In light of Holland’s ruling, Greenpeace said the government would now have to step up action to cut emissions, with Faiza Oulahsen the organisation’s Dutch branch hailing it “an immense victory for climate justice.”

Earlier this year, the Dutch government announced what it called a climate agreement — a raft of measures intended to cut emissions by 49 per cent by 2030. But it appears unlikely the action already underway will be enough to meet the goal set by the courts in the Urgenda case.

A report by the country’s Environmental Assessment Agency published last month estimated that Dutch greenhouse gas emissions in 2020 would be about 23 per cent lower than 1990 levels. The agency said the reduction could be anywhere from 19 to 26 per cent.

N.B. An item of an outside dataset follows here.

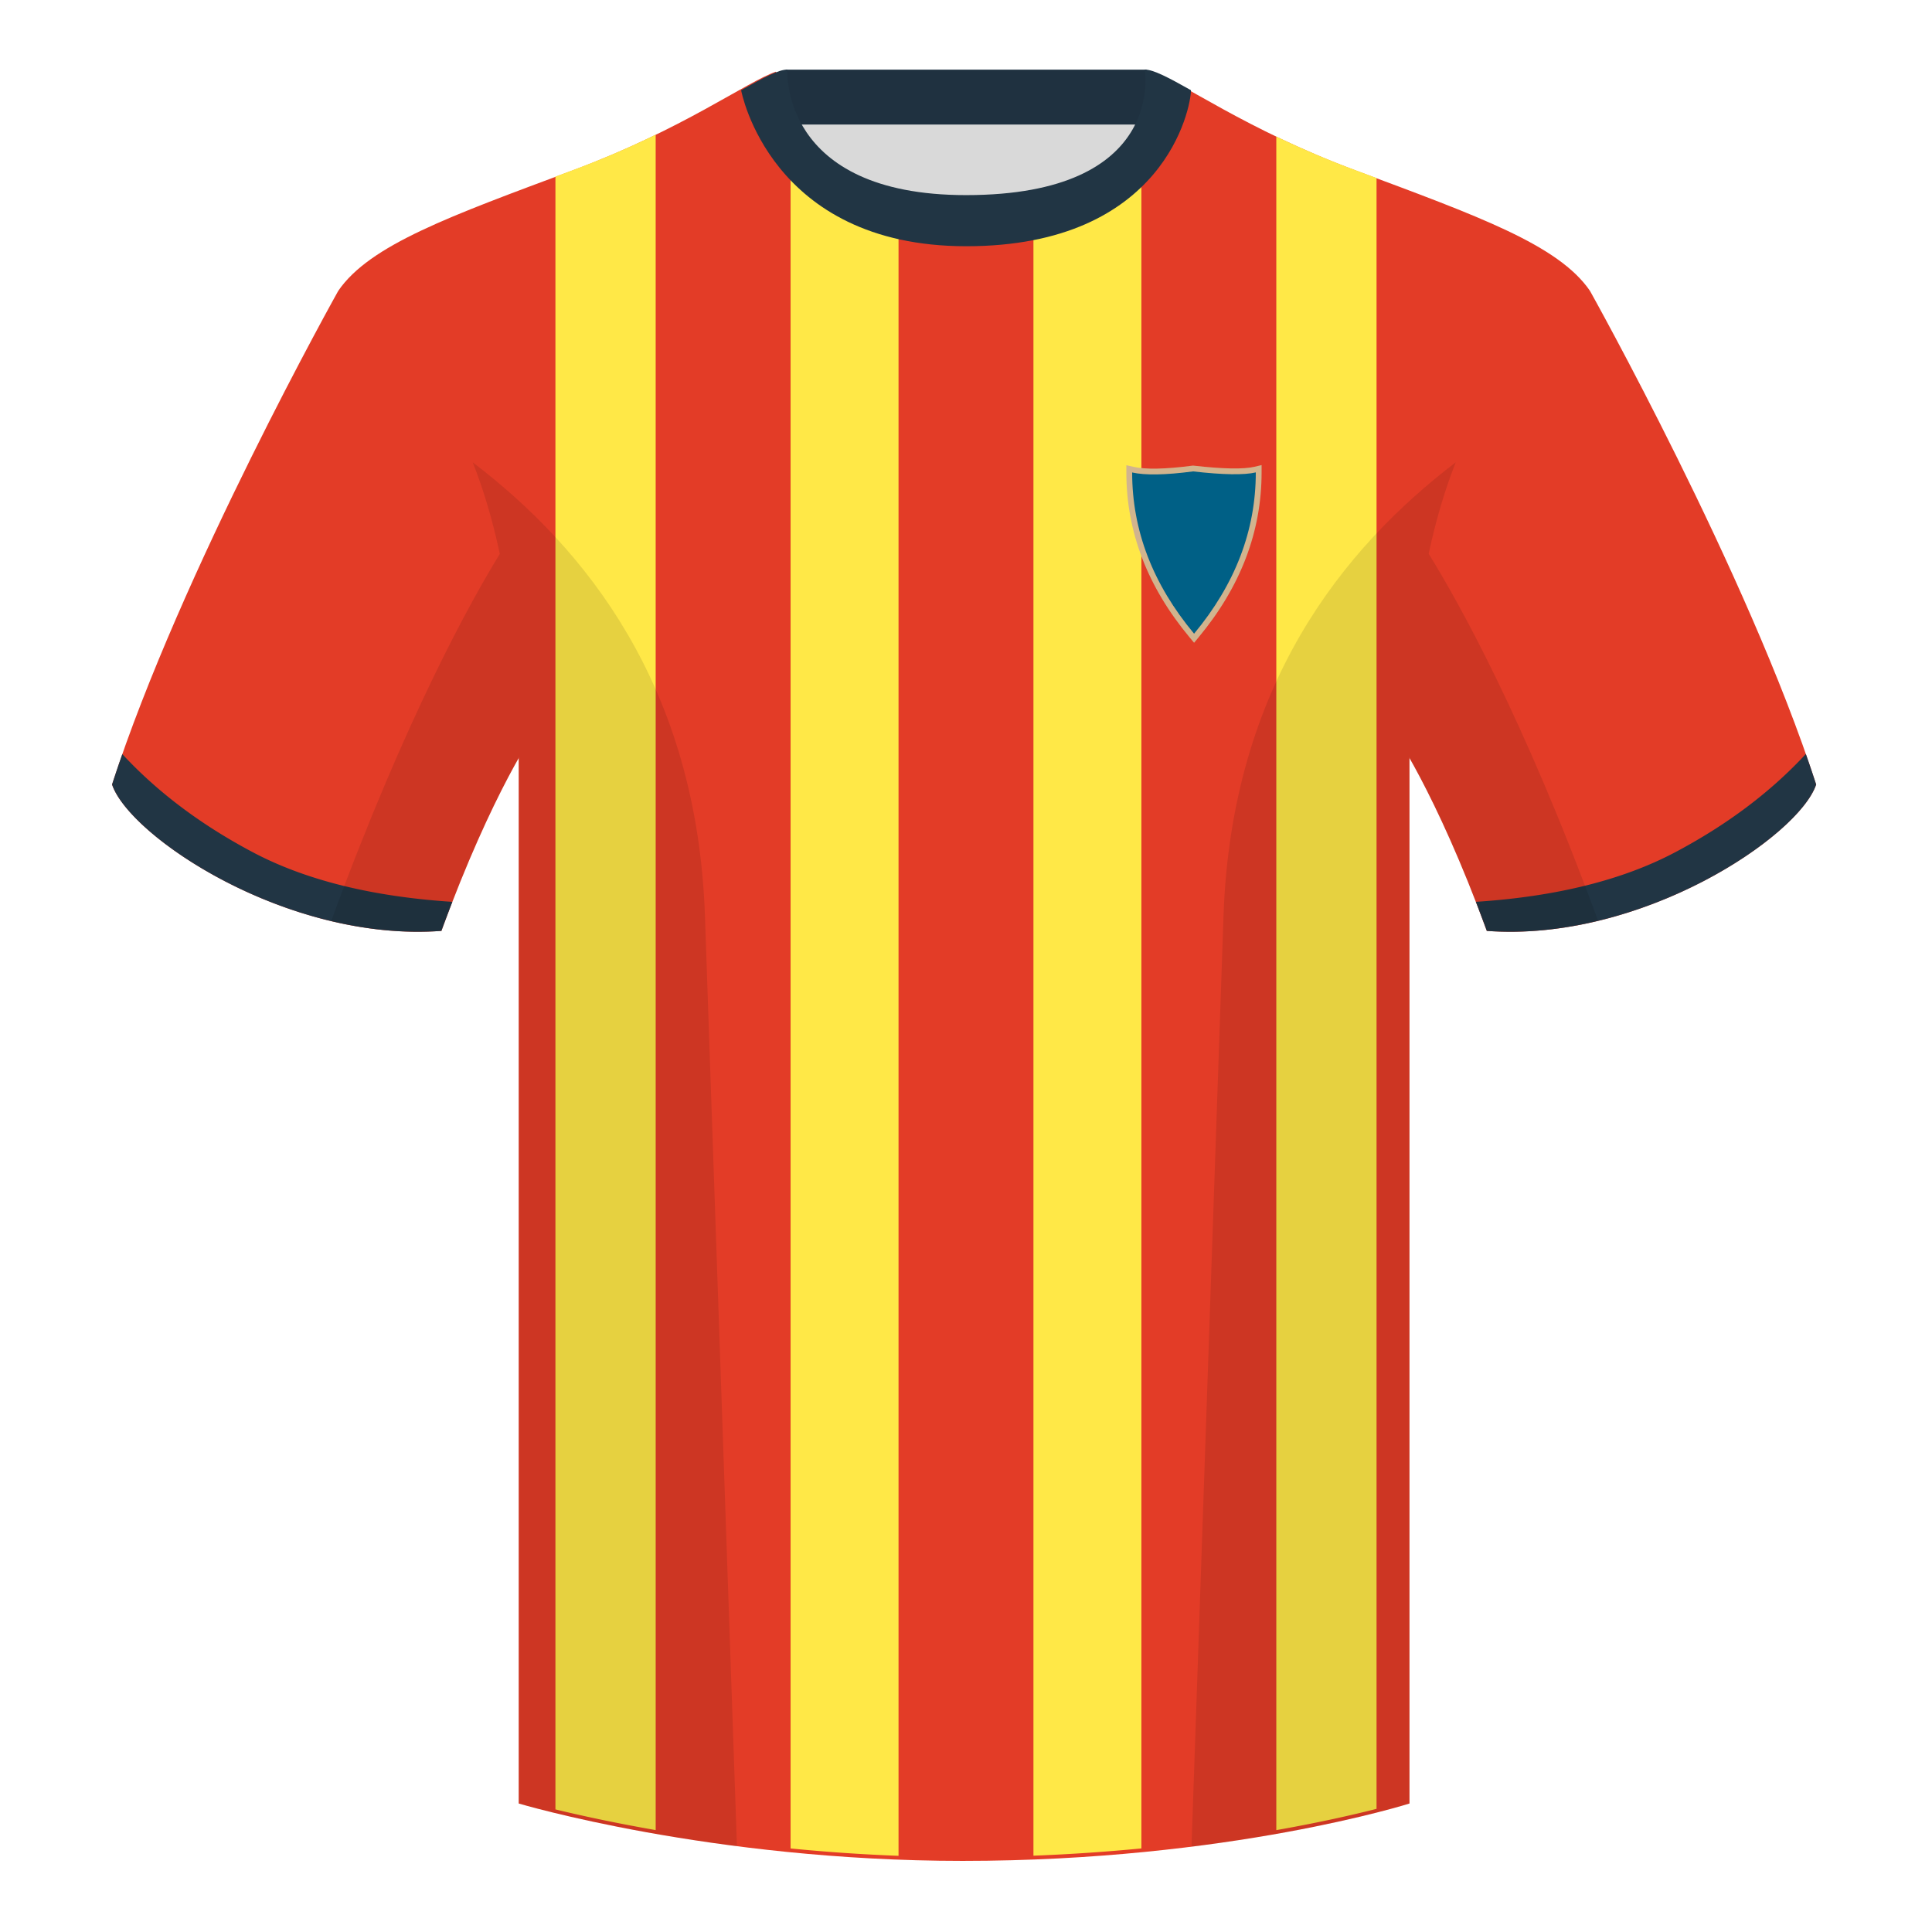 <?xml version="1.0" encoding="UTF-8"?><svg height="500" viewBox="0 0 500 500" width="500" xmlns="http://www.w3.org/2000/svg"><g fill="none" fill-rule="evenodd"><path d="M0 0h500v500H0z"/><path d="M203.607 109.223h93.432V21.928h-93.432z" fill="#d9d9d9"/><path d="M203.468 32.228h93.248v-14.2h-93.248z" fill="#1f3140"/><g fill="#e33c27"><path d="M87.548 75.258S46.785 148.058 29 203.029c4.445 13.376 45.208 40.86 85.232 37.886 13.34-36.4 24.46-52 24.46-52s2.963-95.085-51.144-113.655M411.473 75.258s40.762 72.8 58.547 127.77c-4.445 13.376-45.208 40.86-85.232 37.886-13.34-36.4-24.46-52-24.46-52s-2.963-95.085 51.145-113.655"/><path d="M249.511 57.703c-50.082 0-47.798-39.47-48.742-39.14-7.516 2.618-24.133 14.936-52.439 25.495-31.873 11.885-52.626 19.315-60.782 31.2 11.114 8.915 46.694 28.97 46.694 120.345v271.14s49.658 14.855 114.885 14.855c68.929 0 115.648-14.855 115.648-14.855v-271.14c0-91.375 35.58-111.43 46.7-120.345-8.157-11.885-28.91-19.315-60.783-31.2-28.36-10.577-44.982-22.92-52.478-25.511-.927-.318 4.177 39.156-48.703 39.156z"/></g><path d="M467.353 195.129a338.826 338.826 0 0 1 2.667 7.9c-4.445 13.375-45.208 40.86-85.232 37.885a426.424 426.424 0 0 0-2.835-7.52c20.795-1.358 37.993-5.637 51.594-12.837 13.428-7.11 24.697-15.585 33.806-25.428zM31.655 195.165c9.103 9.828 20.36 18.291 33.772 25.392 13.611 7.205 30.824 11.485 51.64 12.84a426.42 426.42 0 0 0-2.835 7.517c-40.024 2.975-80.787-24.51-85.232-37.885.836-2.585 1.723-5.21 2.655-7.864z" fill="#213544"/><path d="M267.454 55.766c17.23-3.981 24.67-13.69 27.937-22.195v444.8c-8.678.84-18.02 1.503-27.937 1.88zm62.852-20.439a242.303 242.303 0 0 0 20.386 8.674l5.556 2.066v422.065c-5.897 1.498-14.7 3.523-25.942 5.504zM232.54 480.286a463.512 463.512 0 0 1-27.937-1.908V33.846c3.713 8.46 11.439 18.037 27.937 21.955zm-62.852-6.66c-10.991-1.918-19.836-3.875-25.942-5.355V45.706L148.33 44a242.862 242.862 0 0 0 21.358-9.144z" fill="#ffe847"/><path d="M308.22 23.345c-5.76-3.24-9.707-5.345-11.982-5.345 0 0 5.869 32.495-46.23 32.495-48.411 0-46.231-32.495-46.231-32.495-2.275 0-6.222 2.105-11.976 5.345 0 0 7.352 40.38 58.271 40.38 51.363 0 58.147-35.895 58.147-40.38z" fill="#213544"/><path d="M308.566 120.513c-7.016.923-12.117 1.013-15.232.3l-1.834-.419v1.882c0 15.358 5.472 29.603 16.375 42.684l1.154 1.385 1.152-1.387c10.866-13.081 16.319-27.33 16.319-42.7v-1.896l-1.845.436c-2.81.664-8.088.58-15.724-.288l-.183-.021z" fill="#d1b48e" fill-rule="nonzero"/><path d="M308.762 122c-7.179.945-12.433 1.037-15.762.276 0 14.997 5.342 28.905 16.027 41.724C319.676 151.18 325 137.267 325 122.258c-3.027.715-8.44.63-16.238-.258z" fill="#006086" fill-rule="nonzero"/><path d="M413.584 238.323c-9.287 2.238-19.064 3.316-28.798 2.592-8.197-22.369-15.557-36.883-20.012-44.748v270.577s-21.102 6.71-55.867 11.11l-.544-.059c1.881-54.795 5.722-166.47 8.277-240.705 2.055-59.755 31.084-95.29 60.099-117.44-2.676 6.78-5.072 14.606-7 23.667 7.354 11.852 24.436 42.069 43.831 94.964l.014.042zM190.717 477.795c-34.248-4.401-56.477-11.05-56.477-11.05V196.171c-4.456 7.867-11.813 22.38-20.01 44.743-9.632.716-19.308-.332-28.51-2.523.005-.033.012-.065.02-.097 19.377-52.848 36.305-83.066 43.61-94.944-1.93-9.075-4.328-16.912-7.007-23.701 29.015 22.15 58.044 57.685 60.1 117.44 2.554 74.235 6.395 185.91 8.276 240.705z" fill="#000" fill-opacity=".1"/></g></svg>

But Urgenda director Marjan Minnesma was sceptical about those projections, saying they were “very, very, very optimistic”.

“Measures now will have to be drastic and the government owes that entirely to itself, because this verdict has not been taken seriously by Prime Minister Rutte for four years,” Ms Oulahsen said.

Ms Minnesma said the problem of climate change is already clearly visible — citing the wildfires raging in Australia as an example — and things like risings seas pose a very real threat to the low-lying Netherlands.

“Our country is to a large extent below sea level, so at a certain point in time if it goes as quickly as it goes right now, you might have a serious problem here,” she said.